● Available records:
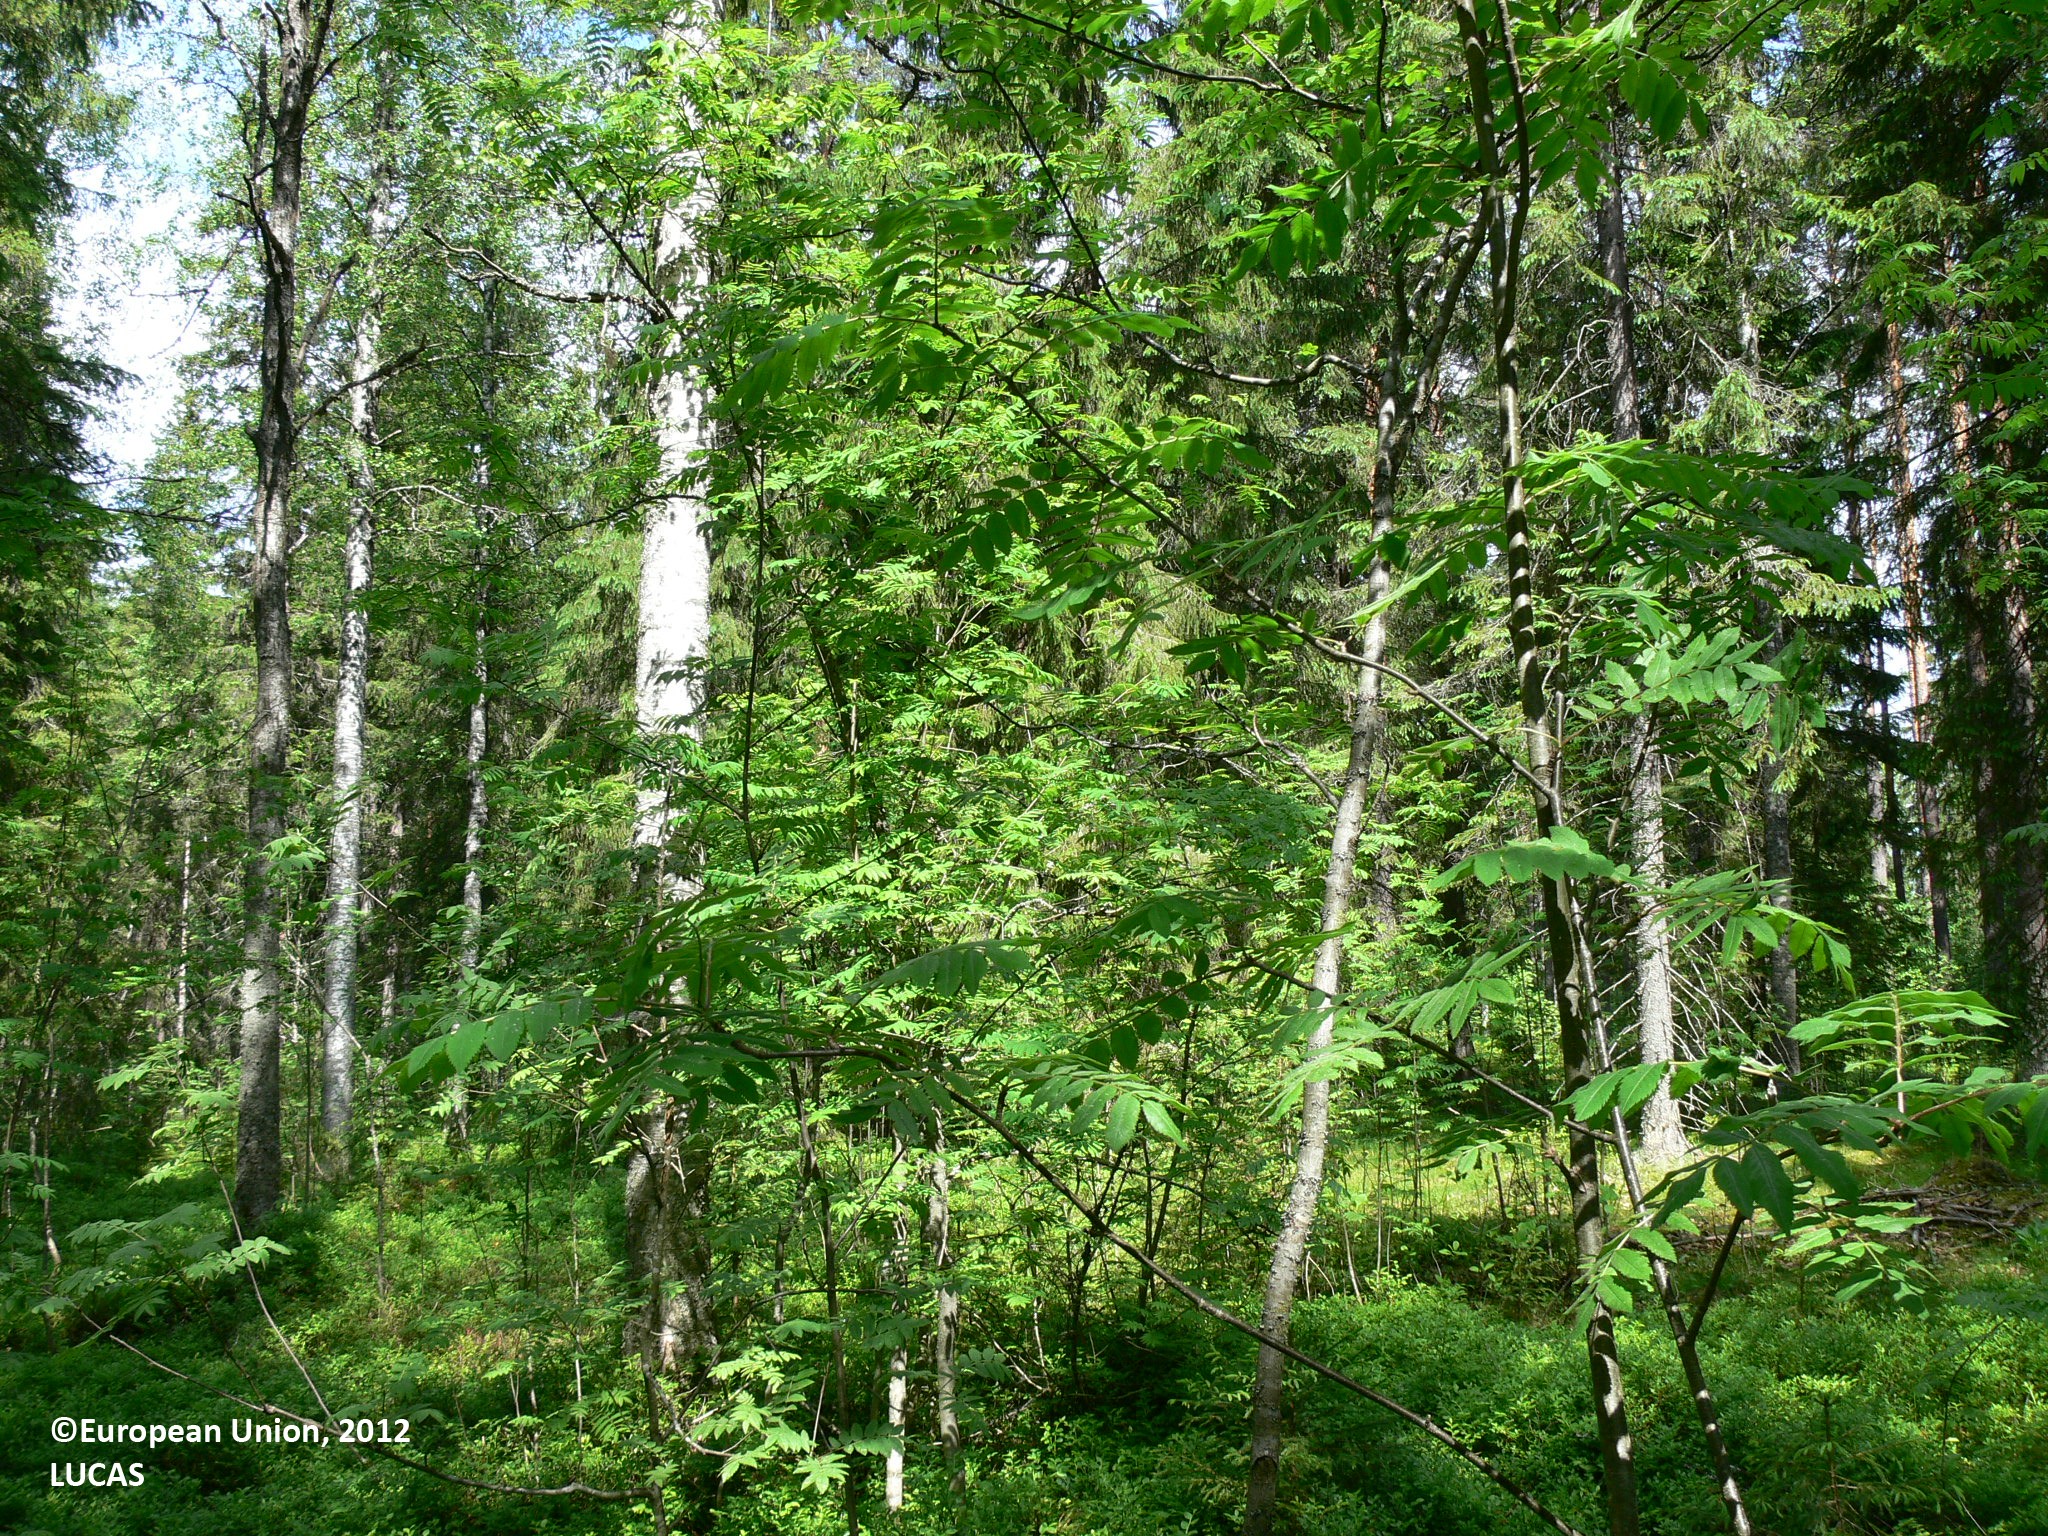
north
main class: Woodland
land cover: Spruce dominated mixed woodland
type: boreal forest
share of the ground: > 75 %
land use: Forestry
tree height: > 5 m
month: June
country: FI
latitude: 62.8158
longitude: 29.8919
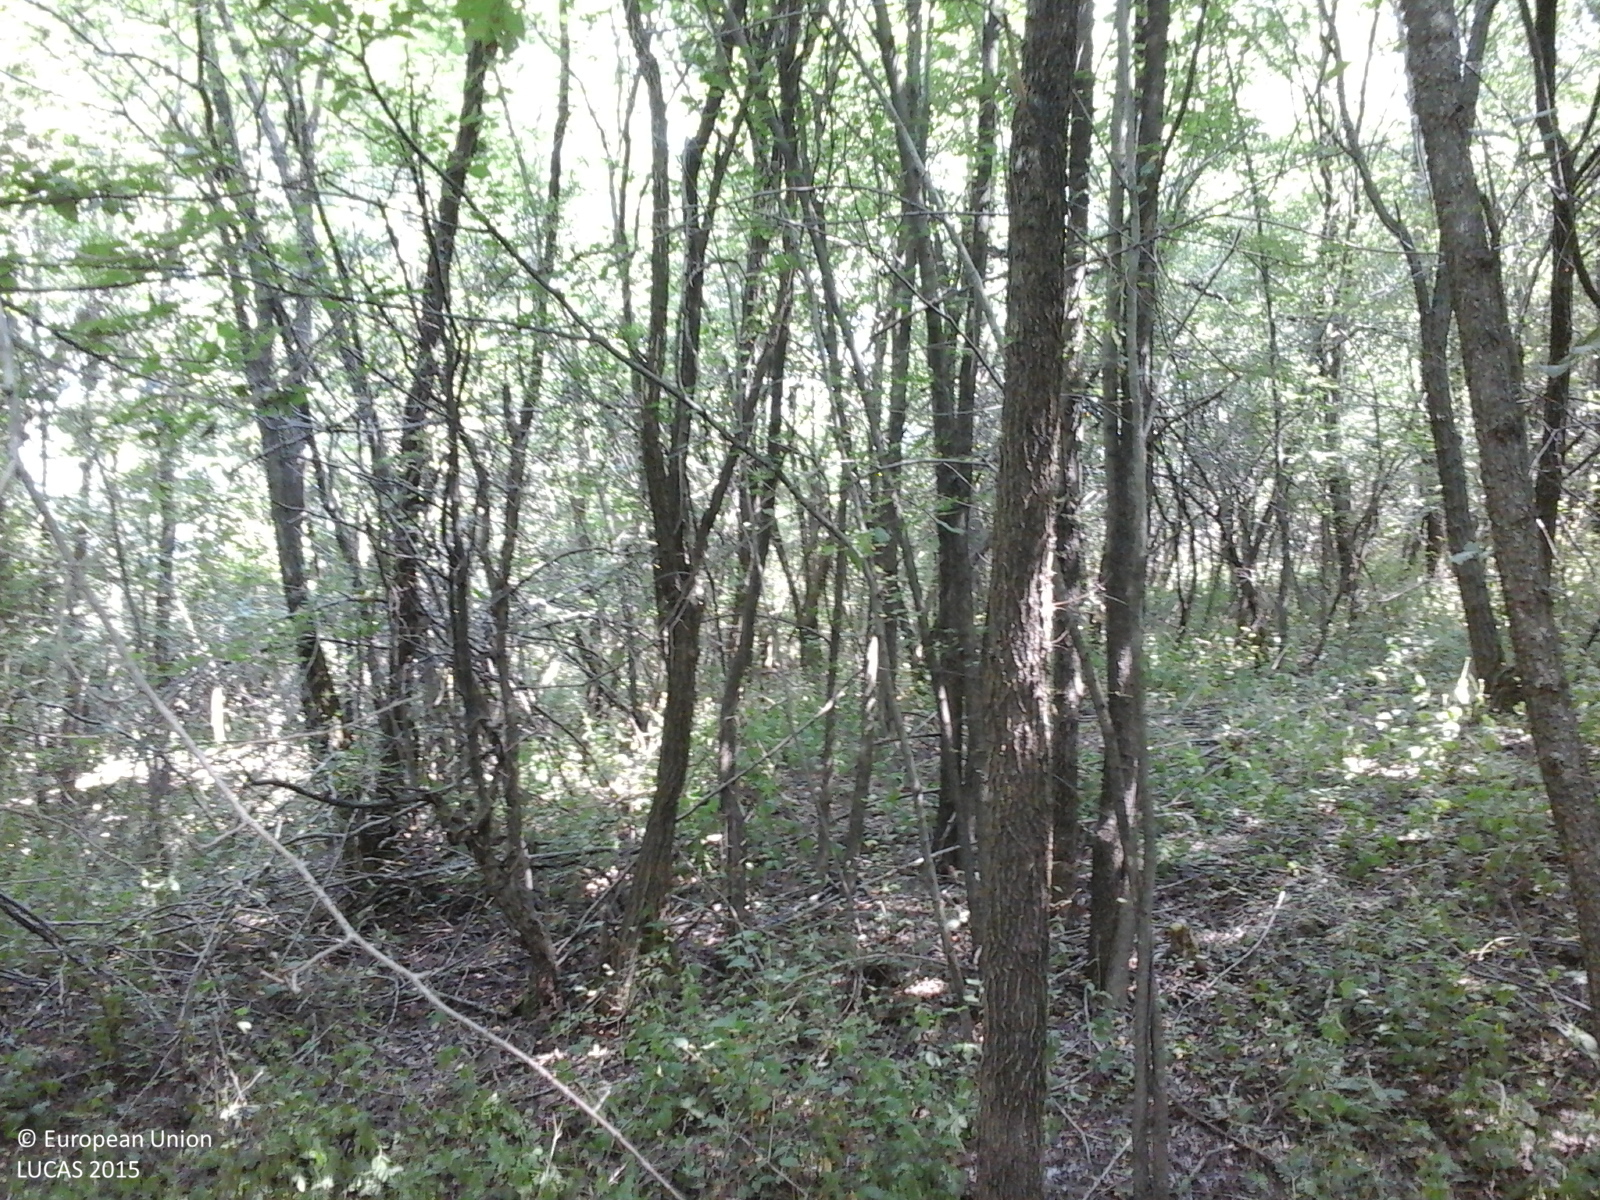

● Task requirements:
All of the records above must be copied exactly, except for the pictures.

● Problem solution:
north
main class: Woodland
land cover: Spruce dominated mixed woodland
type: boreal forest
share of the ground: > 75 %
land use: Forestry
tree height: > 5 m
month: June
country: FI
latitude: 62.8158
longitude: 29.8919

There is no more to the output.